Take its latest ruling, defending the freakishly influential goddess of global warming, Greta Thunberg.
Thunberg is just 17. She has no expertise in global warming, grossly catastrophises about a “mass extinction” and proposes “solutions” so extreme that almost nobody could live by them.
Yet this teenager is both a guru and shield — who dares criticise a child? — to adults who have lost their dignity and their senses. They’ve had her lecture at the United Nations, the European Parliament, climate conferences and the World Economic Forum.
It’s medieval. Adults treat this child as some kind of holy fool, loving her all the more for hearing their own words repeated back with an fiery-eyed certainty that only youth — or maybe something else — can give.
What could be that “something else”?
Thunberg’s mother explains. In her book, Our House Is On Fire, she says daughter’s “superpower” is an “out-of-the box thinking” that comes from her “neuropsychiatric functional impairments”.
She lists them: selective mutism, Asperger’s, high-functioning autism and obsessive-compulsive disorder. Greta agrees her Asperger’s helps her to “think outside the box” with clarity and without needing to “really care about social codes”.
Many journalists endorse this myth, but I’ve told the truth: Thunberg’s disorders help to explain her near-mystical air of certainty, but also why she’s a false prophet.
It is a symptom of autism and forms of Asperger’s to not “really care about social codes” — or not fully understand them. That often means not tolerating compromises with other people or their views.
That, and brushing aside counterarguments — like the fact her solutions would cause more misery than warming itself — is what gives Thunberg that “certainty” adults worship.

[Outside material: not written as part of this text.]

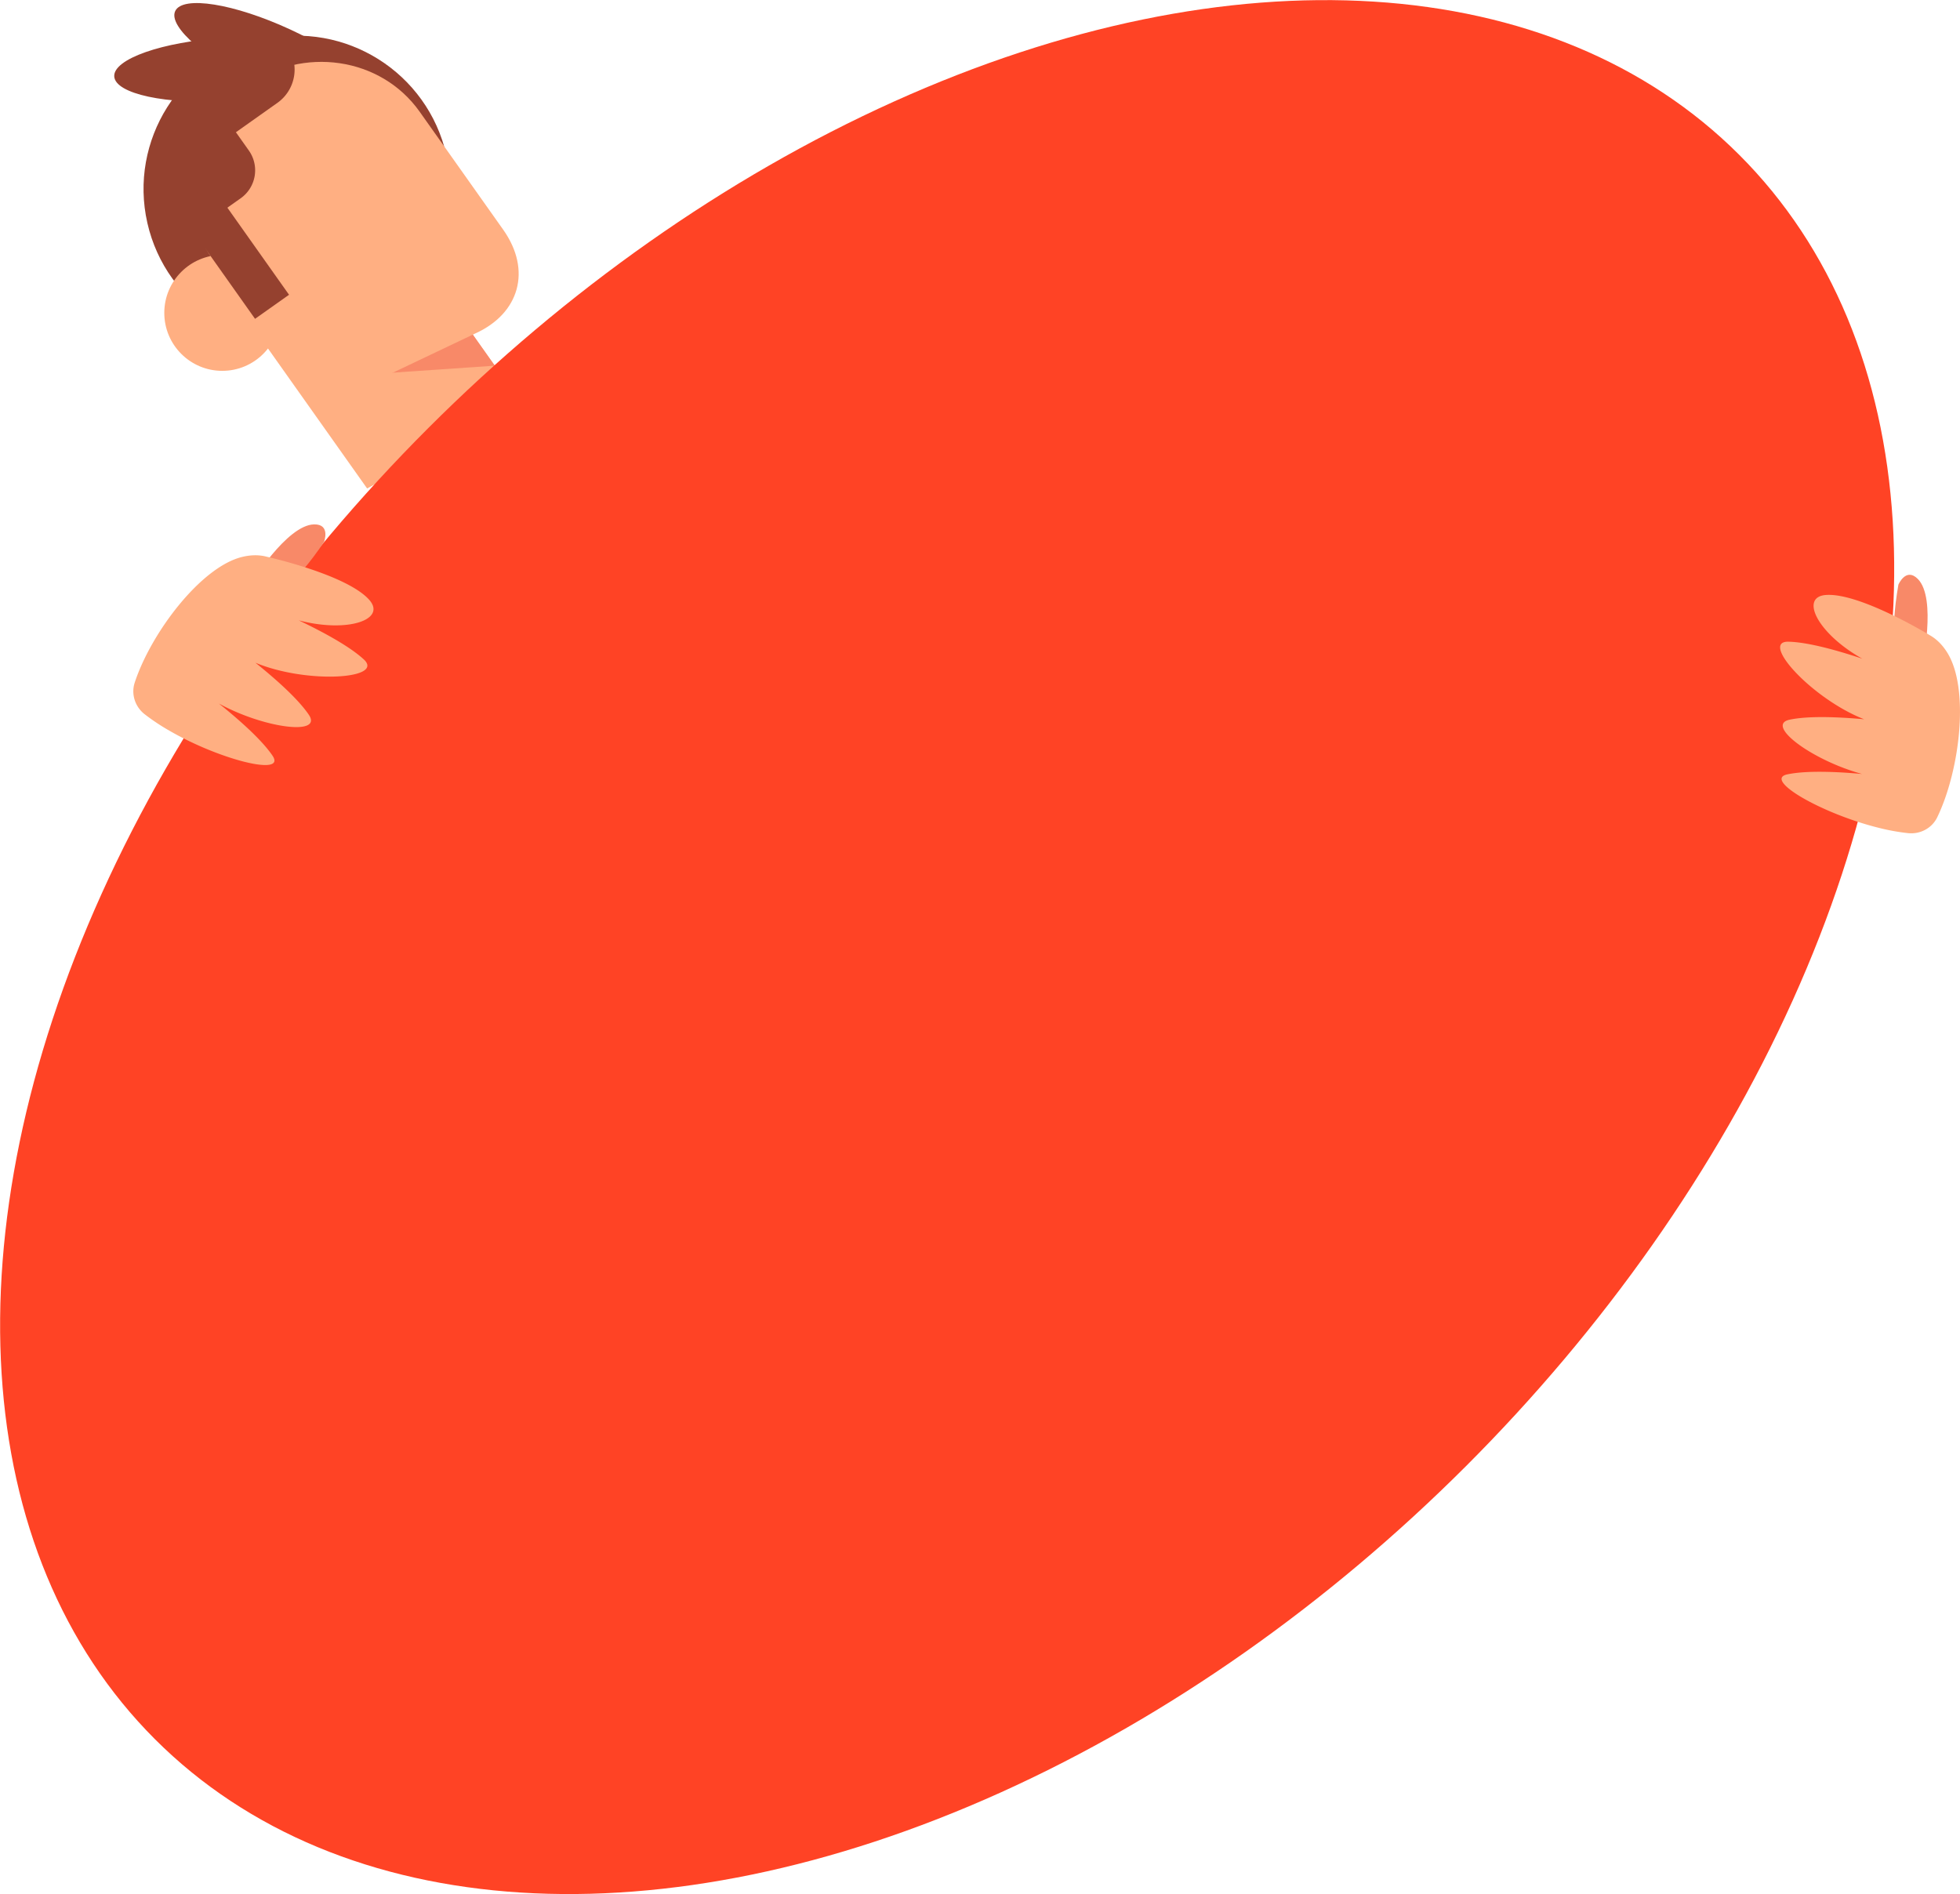 <svg xmlns="http://www.w3.org/2000/svg" width="175.848" height="169.954" viewBox="0 0 175.848 169.954"><circle cx="26.635" cy="16.96" r="13.755" transform="rotate(-12.803 26.635 16.96)" fill="#95412f"/><path d="M20.474 9.055c5.548-.35 9.965-1.9 9.867-3.462-.099-1.562-4.676-2.545-10.224-2.195s-9.965 1.9-9.867 3.462 4.676 2.545 10.224 2.195z" fill="#95412f"/><path d="M23.666 7.792c5.046 2.332 9.669 3.07 10.326 1.65.657-1.421-2.902-4.463-7.948-6.795S16.375-.424 15.718.997c-.657 1.421 2.902 4.463 7.948 6.795z" fill="#95412f"/><path fill="#ffaf82" d="M46.856 36.289l-13.919 7.539-10.572-14.929 12.827-9.083 11.664 16.473z"/><path fill="#f88968" d="M41.673 28.969l-8.588 4.614 11.307-.773-2.719-3.841z"/><path d="M42.679 29.902l-14.136 6.726-9.506-13.424c-3.474-4.906-2.123-11.834 3.017-15.473 5.14-3.64 12.123-2.614 15.597 2.292l7.491 10.579c2.6 3.672 1.433 7.524-2.463 9.3z" fill="#ffaf82"/><circle cx="19.941" cy="28.073" r="5.201" fill="#ffaf82"/><path fill="#95412f" d="M25.932 26.447l-3.05 2.16L13.39 15.2l3.05-2.16z"/><path d="M21.594 17.789l-2.363 1.673-5.053-7.137 4.87-3.449 3.279 4.63a3.075 3.075 0 01-.732 4.284z" fill="#95412f"/><path d="M24.886 9.23l-5.024 3.559-2.117-2.99 8.014-5.676a3.666 3.666 0 01-.873 5.108z" fill="#95412f"/><ellipse cx="84.977" cy="84.977" rx="100.514" ry="65.847" transform="rotate(-45 84.977 84.977)" fill="#ff4325"/><path d="M170.319 52.463s.676-1.599 1.748-.513c1.715 1.736.381 7.796.381 7.796s-3.737 2.115-2.128-7.283z" fill="#f88968"/><path d="M160.449 57.577c1.743.036 4.38.774 6.629 1.522-3.996-2.237-5.641-5.538-3.265-5.714 3.043-.225 9.297 3.593 9.297 3.593.571.317 1.105.807 1.566 1.53 2.06 3.221 1.168 10.594-.863 14.809l-.008.017c-.474.978-1.524 1.532-2.605 1.421a19.118 19.118 0 01-2.624-.474c-5.105-1.26-10.434-4.33-8.221-4.801 1.682-.356 4.366-.247 6.704-.036-4.461-1.212-8.753-4.391-6.496-4.87 1.676-.356 4.347-.248 6.681-.039-4.669-1.825-9.395-7.012-6.794-6.958z" fill="#ffaf82"/><path d="M29.07 48.633s.622-1.62-.903-1.582c-2.44.062-5.68 5.353-5.68 5.353s1.225 4.115 6.584-3.771z" fill="#f88968"/><path d="M32.635 59.162c-1.281-1.183-3.692-2.479-5.832-3.501 4.43 1.159 7.904-.078 6.315-1.852-2.036-2.272-9.19-3.858-9.19-3.858-.631-.168-1.356-.184-2.189.016-3.718.892-8.188 6.823-9.648 11.268l-.006.018c-.337 1.033.036 2.16.892 2.83a18.977 18.977 0 002.22 1.478c4.552 2.632 10.52 4.116 9.253 2.242-.965-1.423-2.974-3.205-4.805-4.674 4.054 2.22 9.352 2.906 8.058.996-.961-1.419-2.96-3.193-4.786-4.661 4.63 1.923 11.632 1.463 9.72-.302z" fill="#ffaf82"/></svg>

To my argument, the Press Council on Thursday says shut up. There is “no public interest” in me “undermining the credibility of a person, her opinions or her supporters on the basis of her disabilities in circumstances where many people share and express similar opinions.” (Like Press Council members?)
How foolish. I don’t mention her disorders to undermine her arguments but to explain her otherwise inexplicable appeal.
The Press Council has sabotaged honest debate.
I may safely tell a falsehood — that Thunberg’s disabilities are “superpowers” — but cannot truthfully say they’re not.